ASSIGNED TASK →
Would you output the entries below only from the line containing "de manejo de" through the line containing "인물도 잘 알려진 인물이 아니에요. 이 사람의 이름은요. 원래 유다예요. 유다.", exactly as they stand and with both ends included?

━━━ MATERIAL SHOWN

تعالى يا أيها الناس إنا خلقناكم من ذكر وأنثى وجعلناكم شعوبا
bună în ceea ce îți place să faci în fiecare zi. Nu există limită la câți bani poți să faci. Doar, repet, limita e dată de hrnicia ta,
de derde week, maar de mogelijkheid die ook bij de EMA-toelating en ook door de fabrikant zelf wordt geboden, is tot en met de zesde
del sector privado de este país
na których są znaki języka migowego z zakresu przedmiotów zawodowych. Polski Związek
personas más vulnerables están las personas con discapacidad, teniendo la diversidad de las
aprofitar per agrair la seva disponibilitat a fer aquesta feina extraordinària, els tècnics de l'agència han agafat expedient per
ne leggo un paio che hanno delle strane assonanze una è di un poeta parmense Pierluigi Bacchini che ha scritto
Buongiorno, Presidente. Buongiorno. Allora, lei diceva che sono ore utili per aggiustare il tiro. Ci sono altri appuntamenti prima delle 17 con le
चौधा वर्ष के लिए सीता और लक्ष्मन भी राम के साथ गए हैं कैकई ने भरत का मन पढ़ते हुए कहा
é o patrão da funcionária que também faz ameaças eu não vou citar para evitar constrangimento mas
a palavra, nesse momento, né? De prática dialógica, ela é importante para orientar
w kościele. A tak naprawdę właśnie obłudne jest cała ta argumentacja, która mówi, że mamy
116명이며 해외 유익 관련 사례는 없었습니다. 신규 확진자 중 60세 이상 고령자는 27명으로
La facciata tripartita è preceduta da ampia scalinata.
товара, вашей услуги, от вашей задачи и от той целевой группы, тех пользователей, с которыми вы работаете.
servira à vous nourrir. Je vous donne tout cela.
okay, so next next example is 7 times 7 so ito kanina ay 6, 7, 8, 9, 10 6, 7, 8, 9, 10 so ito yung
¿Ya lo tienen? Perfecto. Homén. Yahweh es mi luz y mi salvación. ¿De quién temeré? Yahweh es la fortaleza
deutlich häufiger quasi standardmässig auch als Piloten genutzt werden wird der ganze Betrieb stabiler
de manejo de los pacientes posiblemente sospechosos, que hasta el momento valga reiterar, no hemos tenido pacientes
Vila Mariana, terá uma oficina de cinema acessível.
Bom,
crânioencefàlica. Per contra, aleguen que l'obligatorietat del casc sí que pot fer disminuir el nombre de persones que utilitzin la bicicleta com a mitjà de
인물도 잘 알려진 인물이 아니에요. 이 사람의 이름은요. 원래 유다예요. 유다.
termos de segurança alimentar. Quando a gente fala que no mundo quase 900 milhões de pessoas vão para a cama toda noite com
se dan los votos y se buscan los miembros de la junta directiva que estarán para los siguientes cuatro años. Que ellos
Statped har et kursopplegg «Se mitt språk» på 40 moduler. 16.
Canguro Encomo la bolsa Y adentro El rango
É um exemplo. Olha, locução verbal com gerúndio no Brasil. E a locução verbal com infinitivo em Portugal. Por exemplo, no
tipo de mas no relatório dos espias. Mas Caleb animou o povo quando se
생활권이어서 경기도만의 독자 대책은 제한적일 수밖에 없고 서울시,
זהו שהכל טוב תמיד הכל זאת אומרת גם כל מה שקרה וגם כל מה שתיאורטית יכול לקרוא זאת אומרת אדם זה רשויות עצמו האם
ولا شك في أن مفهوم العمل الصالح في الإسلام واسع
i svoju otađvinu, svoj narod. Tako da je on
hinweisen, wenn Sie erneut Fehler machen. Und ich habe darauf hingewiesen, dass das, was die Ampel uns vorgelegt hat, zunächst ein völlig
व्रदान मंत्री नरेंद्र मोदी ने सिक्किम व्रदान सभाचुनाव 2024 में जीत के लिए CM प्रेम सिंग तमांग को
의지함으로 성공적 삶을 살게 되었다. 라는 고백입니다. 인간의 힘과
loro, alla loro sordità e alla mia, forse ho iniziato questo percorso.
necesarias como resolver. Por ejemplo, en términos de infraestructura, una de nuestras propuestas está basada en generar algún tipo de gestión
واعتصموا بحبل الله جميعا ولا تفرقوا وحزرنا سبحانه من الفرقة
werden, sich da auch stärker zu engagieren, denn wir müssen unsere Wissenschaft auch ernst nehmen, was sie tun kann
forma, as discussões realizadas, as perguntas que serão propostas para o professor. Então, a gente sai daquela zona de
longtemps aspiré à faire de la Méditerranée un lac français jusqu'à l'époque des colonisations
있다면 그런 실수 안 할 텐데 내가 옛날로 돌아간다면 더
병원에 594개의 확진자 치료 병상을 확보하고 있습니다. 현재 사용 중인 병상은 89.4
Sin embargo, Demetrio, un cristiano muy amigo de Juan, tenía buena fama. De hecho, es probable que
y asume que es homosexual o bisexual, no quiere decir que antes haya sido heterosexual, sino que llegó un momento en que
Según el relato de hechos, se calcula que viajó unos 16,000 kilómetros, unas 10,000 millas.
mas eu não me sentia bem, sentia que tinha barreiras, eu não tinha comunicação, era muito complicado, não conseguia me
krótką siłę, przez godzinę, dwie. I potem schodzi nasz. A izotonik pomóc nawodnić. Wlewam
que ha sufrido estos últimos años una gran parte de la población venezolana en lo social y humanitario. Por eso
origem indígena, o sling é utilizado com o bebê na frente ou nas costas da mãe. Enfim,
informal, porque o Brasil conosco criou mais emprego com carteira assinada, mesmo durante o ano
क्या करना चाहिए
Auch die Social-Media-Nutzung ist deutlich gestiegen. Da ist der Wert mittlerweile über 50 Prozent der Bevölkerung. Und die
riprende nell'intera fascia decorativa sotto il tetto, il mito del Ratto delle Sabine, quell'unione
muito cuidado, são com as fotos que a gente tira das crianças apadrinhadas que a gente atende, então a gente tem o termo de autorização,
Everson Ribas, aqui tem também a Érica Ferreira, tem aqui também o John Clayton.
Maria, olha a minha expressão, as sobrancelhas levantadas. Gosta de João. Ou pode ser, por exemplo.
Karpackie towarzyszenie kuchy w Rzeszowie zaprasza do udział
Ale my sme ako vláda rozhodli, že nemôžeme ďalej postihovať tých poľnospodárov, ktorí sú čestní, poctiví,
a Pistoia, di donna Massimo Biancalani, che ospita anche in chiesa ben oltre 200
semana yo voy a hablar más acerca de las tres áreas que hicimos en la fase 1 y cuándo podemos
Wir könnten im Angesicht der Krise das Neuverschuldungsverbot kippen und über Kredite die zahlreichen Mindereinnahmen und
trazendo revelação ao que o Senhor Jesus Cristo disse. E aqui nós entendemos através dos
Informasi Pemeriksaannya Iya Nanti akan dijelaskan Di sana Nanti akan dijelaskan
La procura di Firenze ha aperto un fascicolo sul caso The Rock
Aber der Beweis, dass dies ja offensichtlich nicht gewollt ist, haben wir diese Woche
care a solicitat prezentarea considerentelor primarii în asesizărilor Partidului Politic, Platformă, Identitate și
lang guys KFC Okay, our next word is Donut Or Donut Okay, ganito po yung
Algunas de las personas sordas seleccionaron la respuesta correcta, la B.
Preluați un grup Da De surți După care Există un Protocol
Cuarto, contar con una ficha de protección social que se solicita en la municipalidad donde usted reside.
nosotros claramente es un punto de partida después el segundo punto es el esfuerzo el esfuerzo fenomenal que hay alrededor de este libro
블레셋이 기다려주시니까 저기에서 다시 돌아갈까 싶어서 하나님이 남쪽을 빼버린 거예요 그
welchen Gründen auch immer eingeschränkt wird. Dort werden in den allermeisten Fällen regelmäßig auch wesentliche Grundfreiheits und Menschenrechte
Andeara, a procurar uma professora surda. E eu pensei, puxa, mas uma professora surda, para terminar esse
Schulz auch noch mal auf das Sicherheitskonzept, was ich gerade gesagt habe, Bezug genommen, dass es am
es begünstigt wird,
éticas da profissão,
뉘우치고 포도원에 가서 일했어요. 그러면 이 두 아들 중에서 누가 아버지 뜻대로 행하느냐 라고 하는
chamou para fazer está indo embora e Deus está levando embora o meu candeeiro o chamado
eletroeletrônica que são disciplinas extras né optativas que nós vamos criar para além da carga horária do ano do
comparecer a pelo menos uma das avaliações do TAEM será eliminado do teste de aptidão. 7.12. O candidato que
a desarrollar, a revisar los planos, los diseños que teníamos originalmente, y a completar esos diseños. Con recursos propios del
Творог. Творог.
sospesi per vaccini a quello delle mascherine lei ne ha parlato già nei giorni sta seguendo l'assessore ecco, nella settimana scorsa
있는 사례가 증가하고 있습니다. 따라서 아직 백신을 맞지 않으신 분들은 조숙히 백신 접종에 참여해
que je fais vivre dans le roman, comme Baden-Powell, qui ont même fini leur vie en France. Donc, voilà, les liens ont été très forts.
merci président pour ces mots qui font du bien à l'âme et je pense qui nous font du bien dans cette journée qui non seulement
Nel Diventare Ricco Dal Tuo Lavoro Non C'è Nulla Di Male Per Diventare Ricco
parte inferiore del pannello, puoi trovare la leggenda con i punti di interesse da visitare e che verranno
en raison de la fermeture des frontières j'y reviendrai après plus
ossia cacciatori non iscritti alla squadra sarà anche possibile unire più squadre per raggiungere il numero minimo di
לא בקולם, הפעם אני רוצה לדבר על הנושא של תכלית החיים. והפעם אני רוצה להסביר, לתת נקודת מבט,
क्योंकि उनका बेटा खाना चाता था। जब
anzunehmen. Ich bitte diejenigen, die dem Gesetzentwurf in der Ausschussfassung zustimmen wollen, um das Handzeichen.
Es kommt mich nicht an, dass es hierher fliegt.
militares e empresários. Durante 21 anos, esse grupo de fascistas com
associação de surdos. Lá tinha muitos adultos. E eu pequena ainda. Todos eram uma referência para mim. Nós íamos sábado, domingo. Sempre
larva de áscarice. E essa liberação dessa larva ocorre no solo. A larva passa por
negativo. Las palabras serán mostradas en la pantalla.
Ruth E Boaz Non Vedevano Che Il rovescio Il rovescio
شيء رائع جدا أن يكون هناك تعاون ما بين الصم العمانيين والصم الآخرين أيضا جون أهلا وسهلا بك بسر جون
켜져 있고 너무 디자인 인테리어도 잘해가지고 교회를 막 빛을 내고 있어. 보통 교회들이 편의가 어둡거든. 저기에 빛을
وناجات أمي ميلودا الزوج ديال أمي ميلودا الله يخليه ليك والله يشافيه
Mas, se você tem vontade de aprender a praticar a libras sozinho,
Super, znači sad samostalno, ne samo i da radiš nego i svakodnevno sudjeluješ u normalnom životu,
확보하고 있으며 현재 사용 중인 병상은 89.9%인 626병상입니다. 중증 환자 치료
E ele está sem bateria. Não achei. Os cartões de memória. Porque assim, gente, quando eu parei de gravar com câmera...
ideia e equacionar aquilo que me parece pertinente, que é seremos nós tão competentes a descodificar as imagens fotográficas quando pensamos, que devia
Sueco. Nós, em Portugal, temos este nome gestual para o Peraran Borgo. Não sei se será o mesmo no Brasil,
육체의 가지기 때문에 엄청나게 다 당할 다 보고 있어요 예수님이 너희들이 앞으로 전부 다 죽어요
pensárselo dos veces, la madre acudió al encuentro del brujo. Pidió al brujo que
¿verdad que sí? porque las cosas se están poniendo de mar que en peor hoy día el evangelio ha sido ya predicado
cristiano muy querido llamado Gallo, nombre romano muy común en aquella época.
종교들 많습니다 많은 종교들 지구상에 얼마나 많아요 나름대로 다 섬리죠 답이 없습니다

━━━━━━

EXPECTED OUTPUT →
de manejo de los pacientes posiblemente sospechosos, que hasta el momento valga reiterar, no hemos tenido pacientes
Vila Mariana, terá uma oficina de cinema acessível.
Bom,
crânioencefàlica. Per contra, aleguen que l'obligatorietat del casc sí que pot fer disminuir el nombre de persones que utilitzin la bicicleta com a mitjà de
인물도 잘 알려진 인물이 아니에요. 이 사람의 이름은요. 원래 유다예요. 유다.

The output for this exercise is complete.